Which then spins off a bigthink ecosystem of conferences, classes, books, and non-profits...
This is always something that's a beast to deal with because it's not intrinsically bad, or not bad. It's just neutral. When we talk about things like thinking styles, we tend to talk in absolute fashion. This style is bad or good, etc. This is a very poor way of doing that though, instead it's much more applied in context. For example, do 2 thinking styles come to the same correct conclusion, with the only difference one reaches the conclusion faster or with more understanding? The actual way to frame this is not that either or is bad, rather, one is only "good" subjectively in the sense of being faster or coming to a more refined conclusion. If we frame this in absolutist terms, we may frame Bob with the "bad" style, but also miss out on use cases where *his* thinking style actually makes more sense.
I'm not the biggest fan of how simple and linear it's framed, but Kahnemans System 1 vs System 2 thinking is a good short specific example of this. Neither is bad! Both have pros and cons, where the cons respectively express/overexpress is when applied to situations it is not efficient in. For example, Systems 2 thinking can be disruptive to casual social interactions, but is better for strategic business decision making. On the flop, System 1 is poor for strategic business decision making, but far more feasible for casual social interactions.
Our life experiences up till X point and surrounding environmental factors (societal, cultural, political, etc) all cumulatively result in what your thinking style is - at this point it is "conditioned". Basically a part of yourself.
Every style is unique in specifics but the overall dynamics aren't really, and summarily each only discusses their own largely through positive frames. BigThink ecosystem of conferences, classes, books, and nonprofits? You can find that positively framed for every thinking, behavioral, or etc style you can discern.

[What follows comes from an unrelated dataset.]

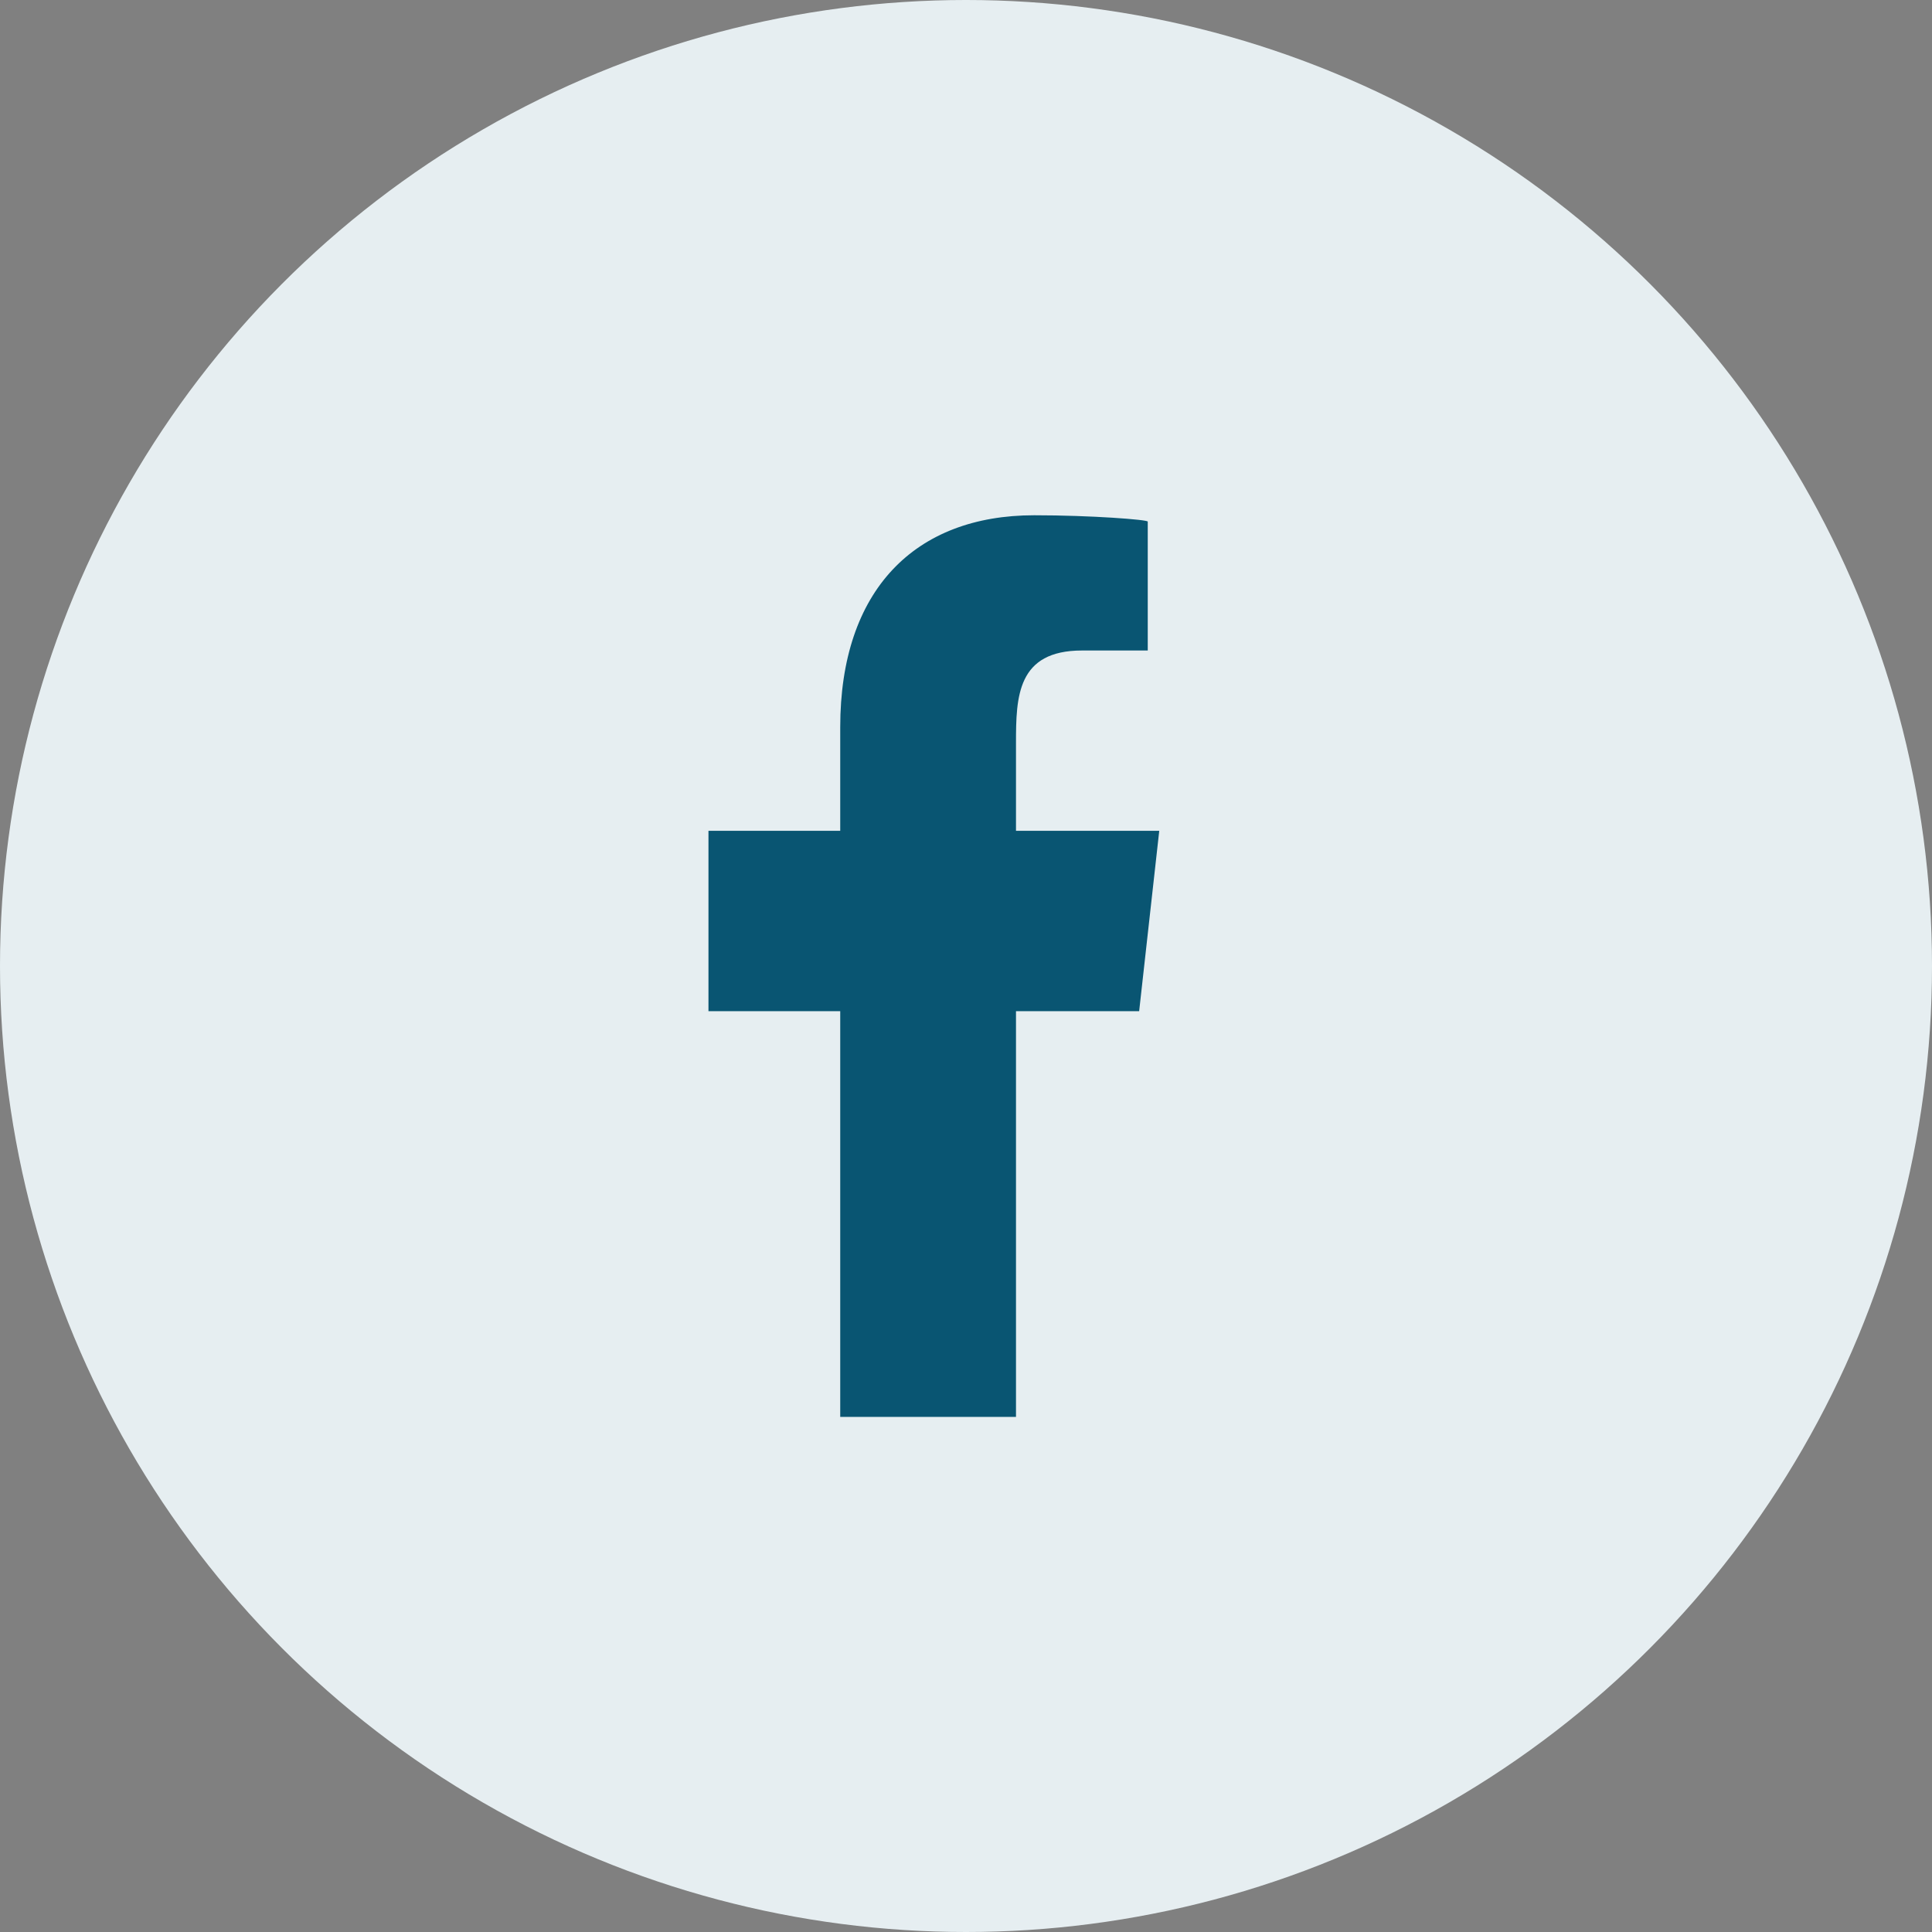 <svg width="40" height="40" viewBox="0 0 40 40" fill="none" xmlns="http://www.w3.org/2000/svg">
<rect x="0" y="0" width="40" height="40" fill="#808080" stroke="none"/>
<circle cx="20" cy="20" r="20" fill="#E6EEF1"/>
<path fill-rule="evenodd" clip-rule="evenodd" d="M21.035 29.335V20.935H23.585L24.001 17.201H21.035V15.383C21.035 14.422 21.059 13.468 22.402 13.468H23.763V10.799C23.763 10.759 22.594 10.668 21.412 10.668C18.943 10.668 17.396 12.215 17.396 15.055V17.201H14.668V20.935H17.396V29.335H21.035Z" fill="#095572"/>
</svg>

Then add in, say, the complex layer of discussion here. A sad reality is, without the techbros doing all that extra stuff, we likely wouldn't have quite a significant amount of the tech we have available today. Not only are these people organically thinking like that, they are also in roles that require them to think that way. There's multiple factors that condition and reinforce that being the like, only type those audiences apply.
Not only do they experience it works, if you are managing a large scale business, those types of thinking
are important. The issue we see is usually instead (self-)management of the styles as a cognitive skill.
We have a term for leaders that focus too much on that tactical/lower/etc level, it's called micro-managing, most of us hate it and it's usually not very beneficial. Actual top leaders like that
should be thinking from that big picture frame. Although the failure we see there is either A) they do not account for those lower level skills, which creates failures at that level or B) they do not onboard someone to account for their gap here in an administrative sense.